Key Experimental Results¶
Main Results: DTU Surface Reconstruction (Chamfer Distance ↓)¶
| Method | Mean CD | Training Time |
|---|---|---|
| 3DGS | 1.96 | 3.4m |
| 2DGS | 0.80 | 5.8m |
| GS-Pull | 0.75 | 5.6m |
| PGSR | 0.53 | 15m |
| GausSurf | 0.52 | - |
| VA-GS (Ours) | 0.49 | 15.5m |
TNT Dataset Reconstruction (F1-score ↑)¶
| Method | Barn | Truck | Mean |
|---|---|---|---|
| 3DGS | 0.13 | 0.19 | 0.09 |
| PGSR | 0.66 | 0.66 | 0.52 |
| GausSurf | 0.50 | 0.65 | 0.50 |
| VA-GS (Ours) | 0.71 | 0.64 | 0.54 |
Ablation Study (TNT F1-score)¶
| Configuration | Precision | Recall | F1 | Note |
|---|---|---|---|---|
| \(\mathcal{L}_I\) only | 0.09 | 0.23 | 0.13 | No geometric constraint, worst |
| w/o \(\mathcal{L}_{nc}+\mathcal{L}_{ns}\) | 0.40 | 0.57 | 0.46 | Normal constraints are critical |
| w/o \(\mathcal{L}_p+\mathcal{L}_f\) | 0.33 | 0.40 | 0.36 | Multi-view alignment is indispensable |
| + scale loss (planarization) | 0.51 | 0.60 | 0.54 | No additional gain |
| Full model | 0.51 | 0.60 | 0.54 | Modules are complementary |
Key Findings¶
- Flattening 3D Gaussians into planar discs (scale loss) yields no benefit for this method, and even degrades rendering quality on Mip-NeRF 360 — indicating that preserving full 3D Gaussian representation is preferable.

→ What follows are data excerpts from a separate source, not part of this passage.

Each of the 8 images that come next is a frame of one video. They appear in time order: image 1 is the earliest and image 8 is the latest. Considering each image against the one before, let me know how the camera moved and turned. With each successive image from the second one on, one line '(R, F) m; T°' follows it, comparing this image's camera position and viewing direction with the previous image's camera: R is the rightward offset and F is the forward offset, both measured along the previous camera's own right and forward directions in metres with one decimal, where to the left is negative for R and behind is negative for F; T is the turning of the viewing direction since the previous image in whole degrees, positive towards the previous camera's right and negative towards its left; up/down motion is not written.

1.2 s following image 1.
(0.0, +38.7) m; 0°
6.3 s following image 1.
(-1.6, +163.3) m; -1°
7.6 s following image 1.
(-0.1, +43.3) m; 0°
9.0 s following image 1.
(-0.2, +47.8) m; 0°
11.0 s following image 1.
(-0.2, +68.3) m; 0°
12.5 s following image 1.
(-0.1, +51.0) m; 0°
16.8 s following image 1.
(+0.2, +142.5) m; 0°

- Using \(N=3\) source views for multi-view alignment is the optimal trade-off; \(N=4\) provides no additional gain but increases computational cost.
- Removing either photometric or feature alignment individually has limited impact, but removing both causes F1 to drop sharply from 0.54 to 0.36.
Highlights & Insights¶
- No external geometric representation (e.g., SDF, mesh) is required; high-quality reconstruction is achieved purely by constraining the Gaussian primitives themselves.

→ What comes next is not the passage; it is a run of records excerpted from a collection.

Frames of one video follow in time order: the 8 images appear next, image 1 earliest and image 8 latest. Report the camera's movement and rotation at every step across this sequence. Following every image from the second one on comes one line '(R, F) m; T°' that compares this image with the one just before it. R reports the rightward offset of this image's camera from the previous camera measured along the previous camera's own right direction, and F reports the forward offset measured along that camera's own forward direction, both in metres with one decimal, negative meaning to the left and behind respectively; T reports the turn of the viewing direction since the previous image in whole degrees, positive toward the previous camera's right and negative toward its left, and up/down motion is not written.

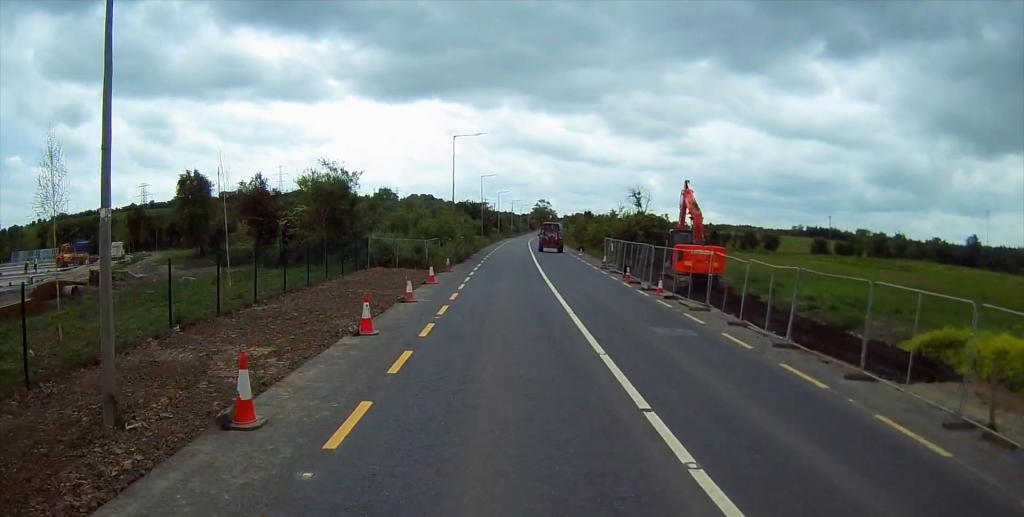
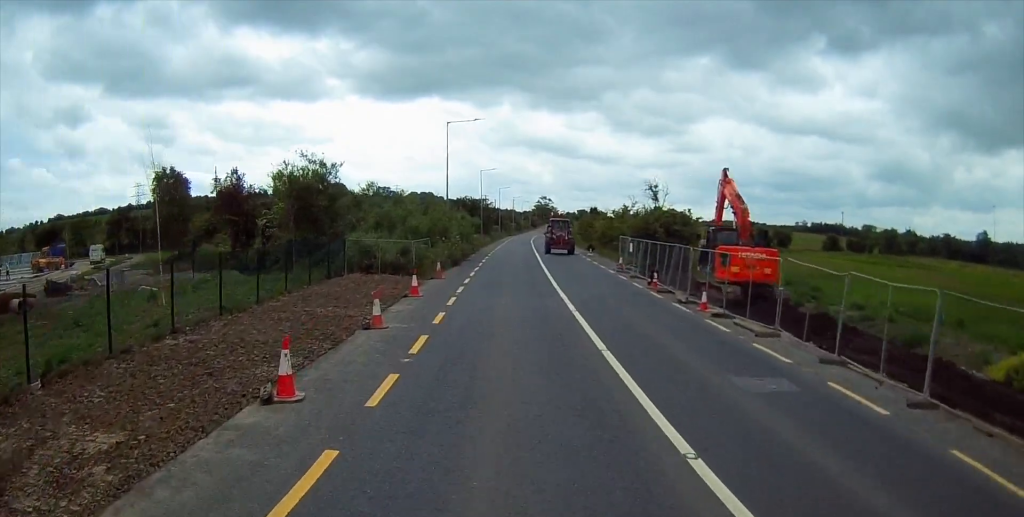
(+0.2, +5.8) m; 0°
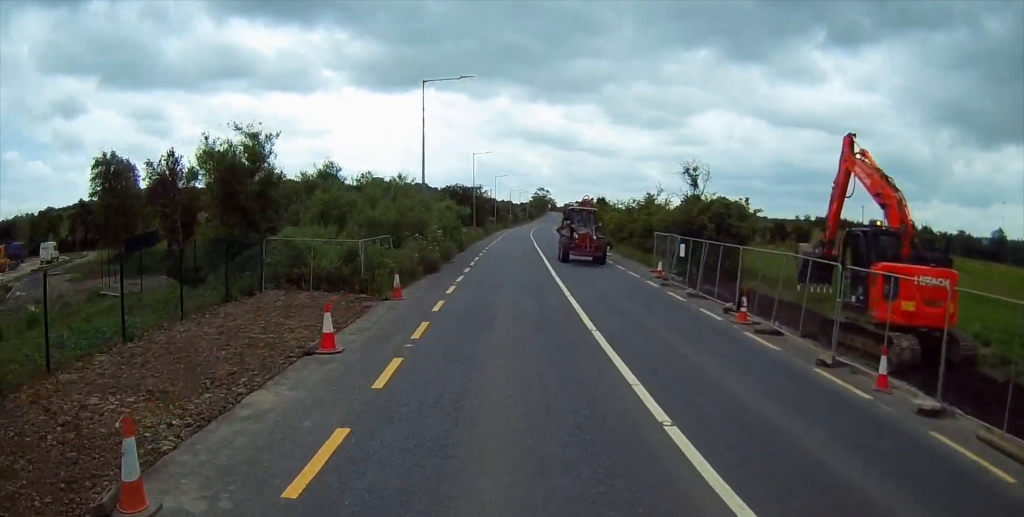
(-0.3, +11.1) m; 0°
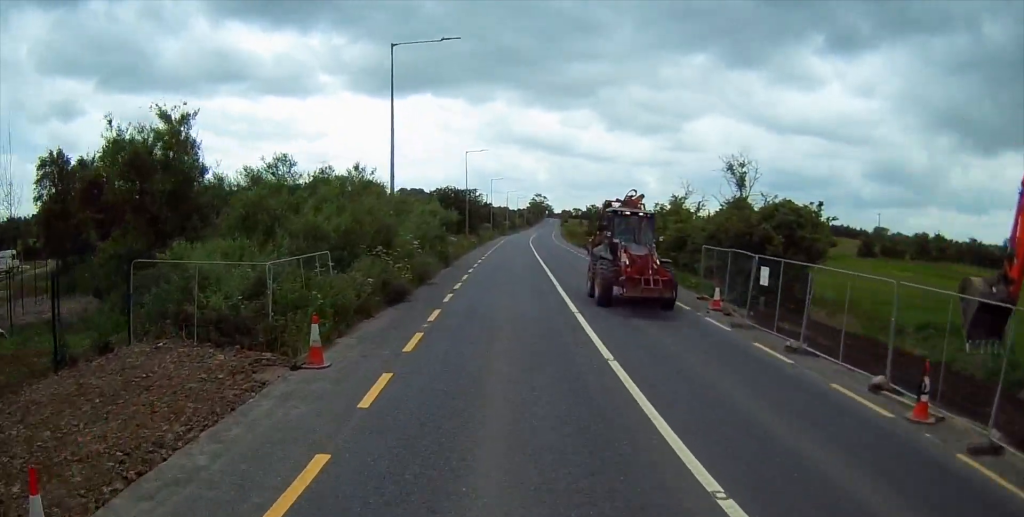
(+0.1, +8.5) m; 0°
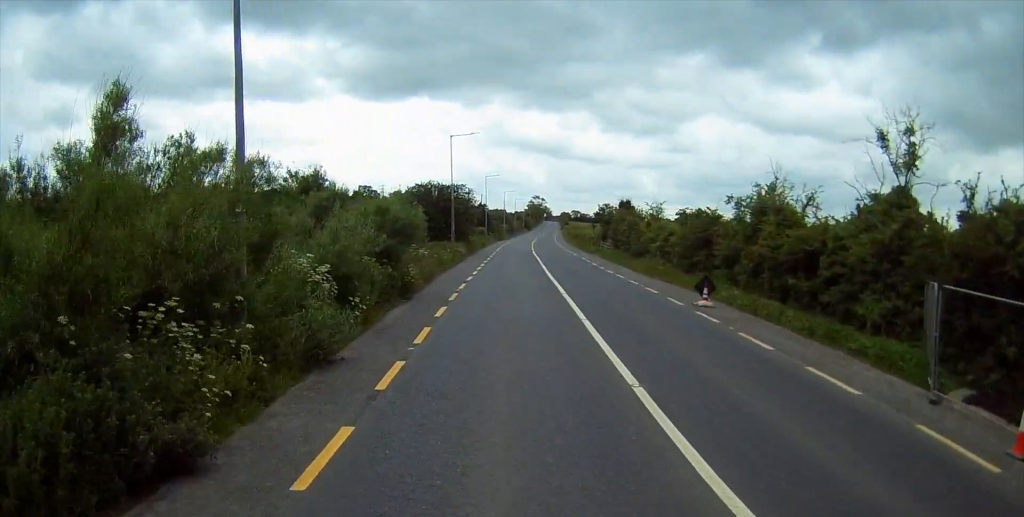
(+0.1, +14.3) m; 0°
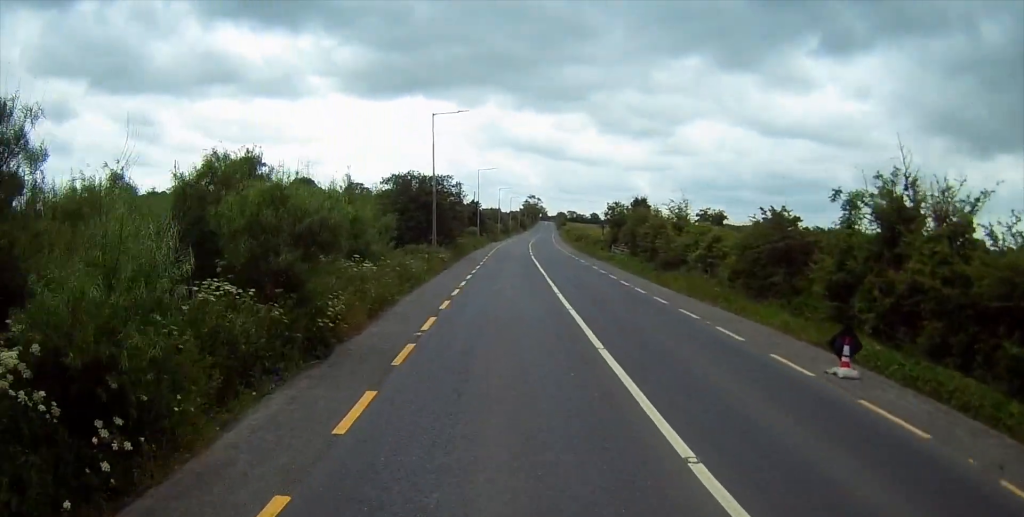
(-0.2, +9.7) m; 0°
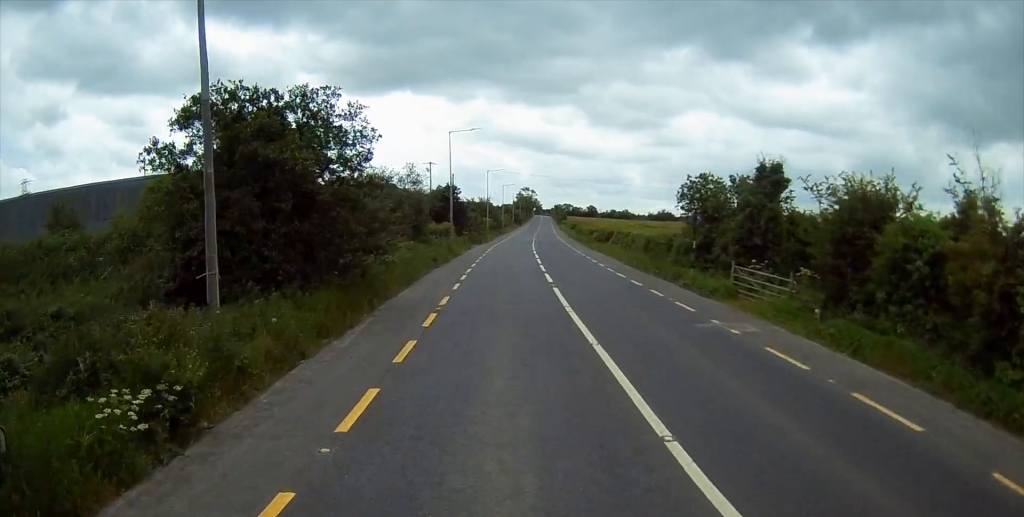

- The visibility and occlusion weighting design is highly practical yet effective; using reprojection error as an occlusion criterion is both concise and elegant.

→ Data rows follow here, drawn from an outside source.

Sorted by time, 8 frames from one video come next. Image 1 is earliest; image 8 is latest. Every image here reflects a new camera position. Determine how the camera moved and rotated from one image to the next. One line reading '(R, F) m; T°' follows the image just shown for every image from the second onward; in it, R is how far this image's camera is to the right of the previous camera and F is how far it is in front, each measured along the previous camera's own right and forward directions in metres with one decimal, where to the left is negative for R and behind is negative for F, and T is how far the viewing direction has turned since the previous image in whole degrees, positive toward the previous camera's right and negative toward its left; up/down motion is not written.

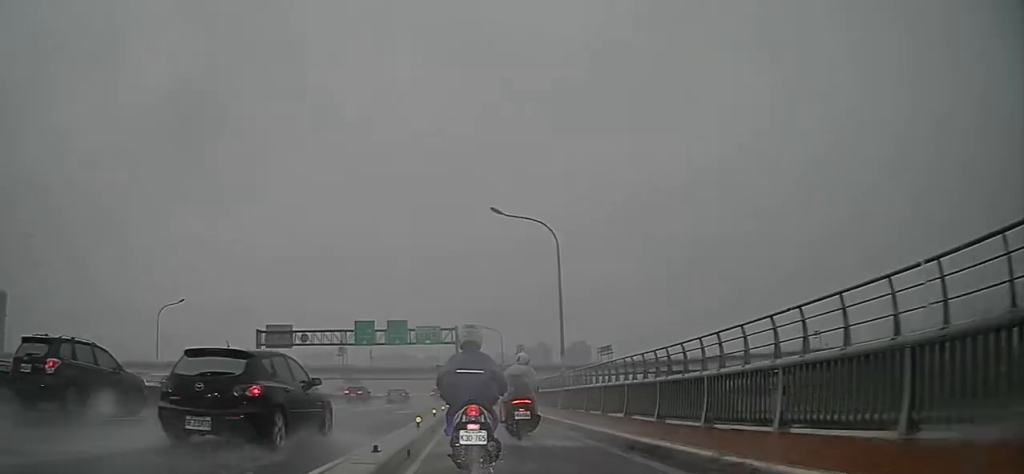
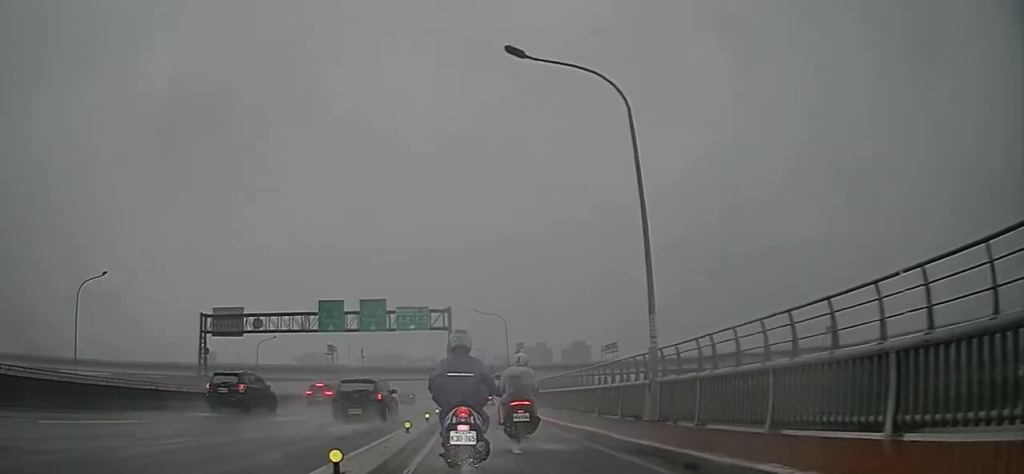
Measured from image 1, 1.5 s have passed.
(0.0, +13.8) m; 0°
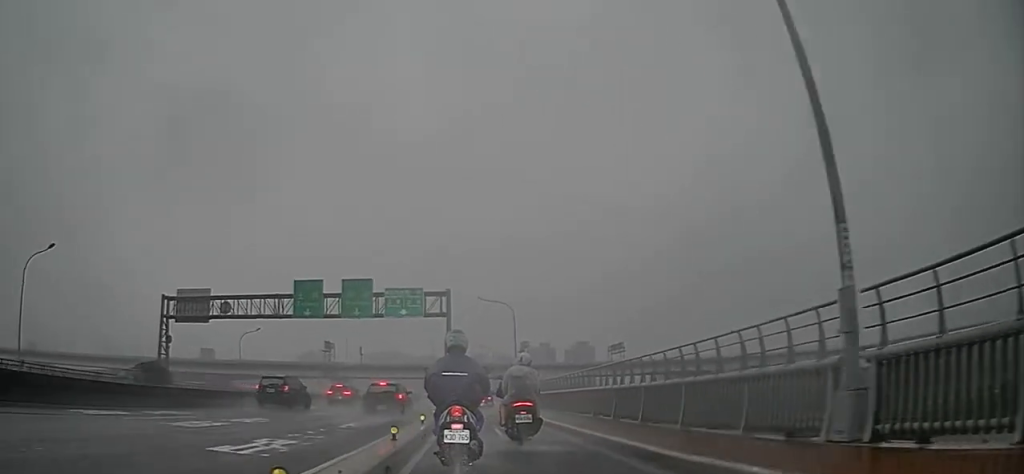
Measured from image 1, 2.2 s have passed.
(0.0, +7.2) m; 0°
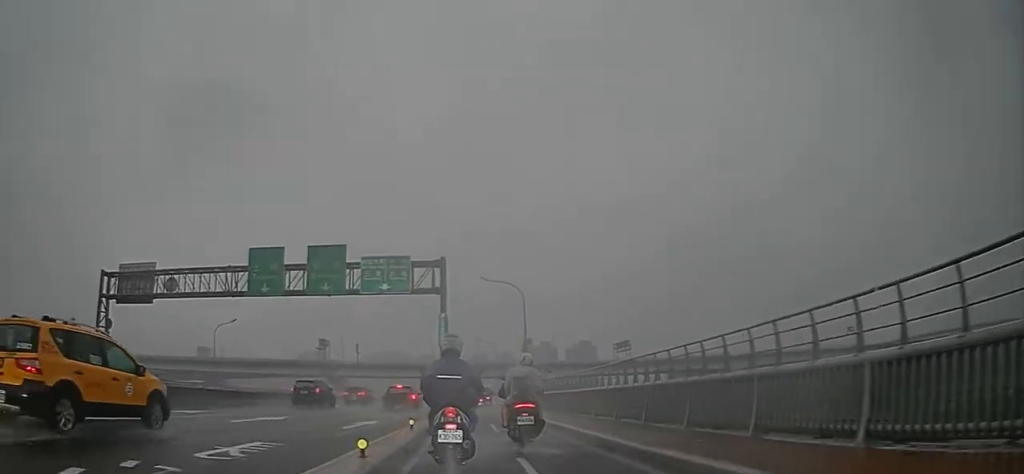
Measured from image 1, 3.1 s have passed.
(0.0, +8.2) m; 0°
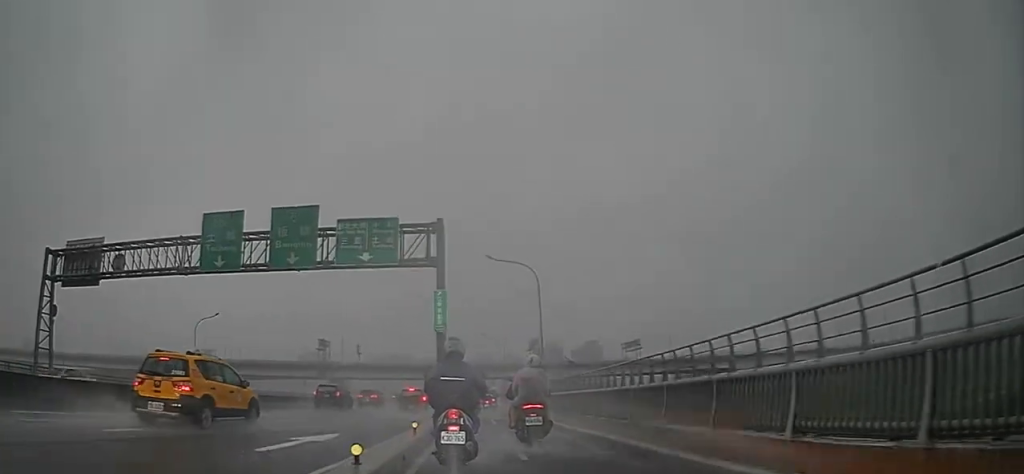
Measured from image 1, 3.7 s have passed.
(0.0, +6.0) m; 0°
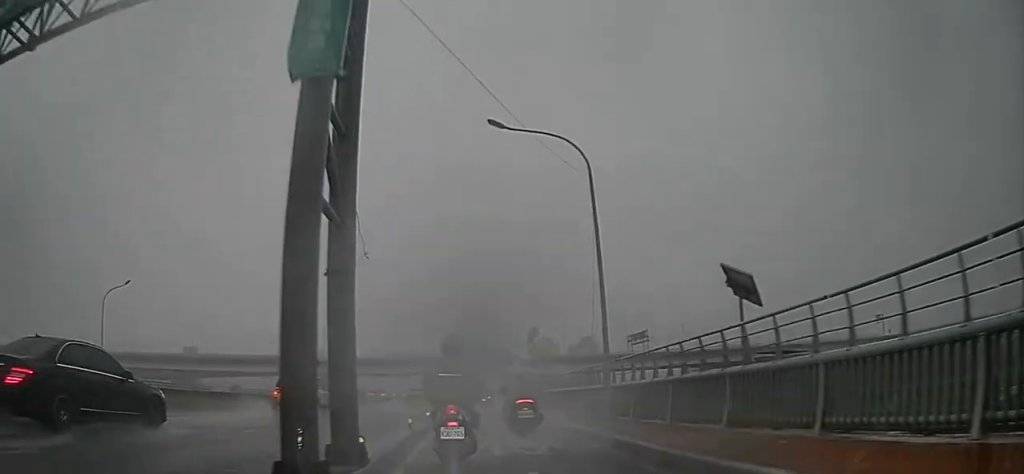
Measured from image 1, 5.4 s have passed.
(-0.1, +15.7) m; -1°
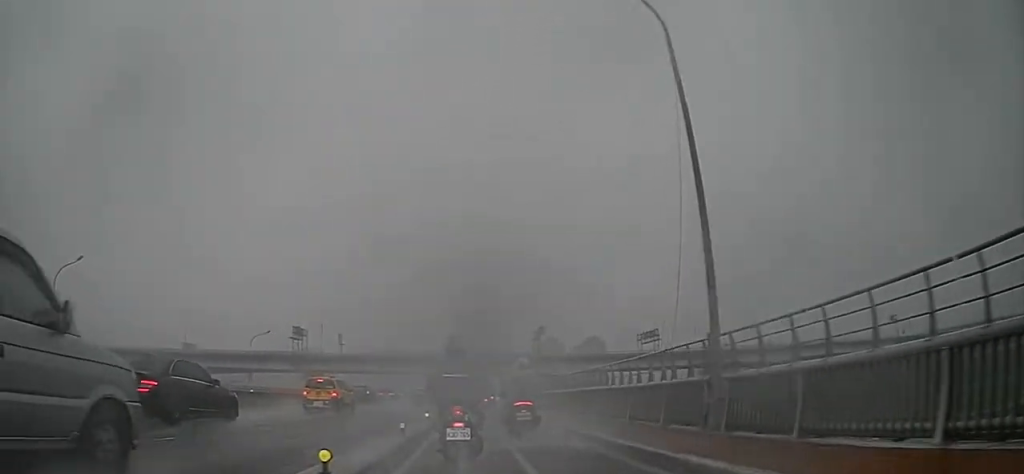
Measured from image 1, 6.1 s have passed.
(-0.1, +6.8) m; 0°
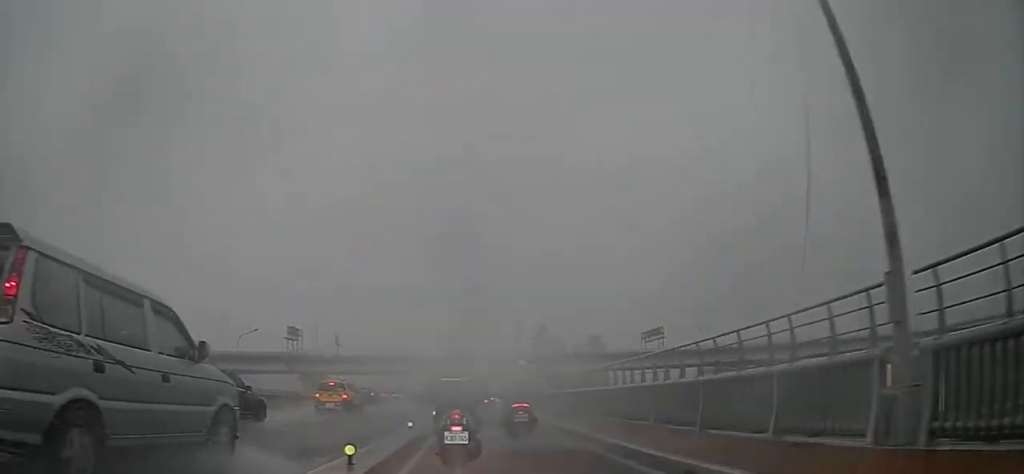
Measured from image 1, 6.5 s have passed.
(0.0, +4.2) m; 0°

- The strategy of down-weighting normal loss at edges (\(\delta=(1-\nabla I)^2\)) directly and effectively resolves boundary normal ambiguity.
Limitations & Future Work¶
- Training is relatively slow (15.5m vs. 3.4m for 3DGS) due to the computational overhead of multi-view alignment.
- The normal smoothness constraint may over-smooth regions of high curvature.
- The depth image feature alignment depends on the quality of the pretrained model.
Related Work & Insights¶
- Multi-view photometric consistency is a classical approach for addressing the insufficiency of single-view supervision; the key challenge lies in handling occlusion and visibility.
- The robustness of feature-level alignment to illumination variation is worth borrowing in other tasks such as SLAM and SfM.
Rating¶
- Novelty: ⭐⭐⭐⭐ Each module is well-designed; classical MVS ideas are organically integrated with 3DGS.
- Experimental Thoroughness: ⭐⭐⭐⭐⭐ Comprehensive coverage of DTU/TNT/Mip-NeRF360 with detailed ablations.
- Writing Quality: ⭐⭐⭐⭐ Formulations are clearly derived, though notation is occasionally dense.
- Value: ⭐⭐⭐⭐ Practically valuable for surface reconstruction with 3DGS.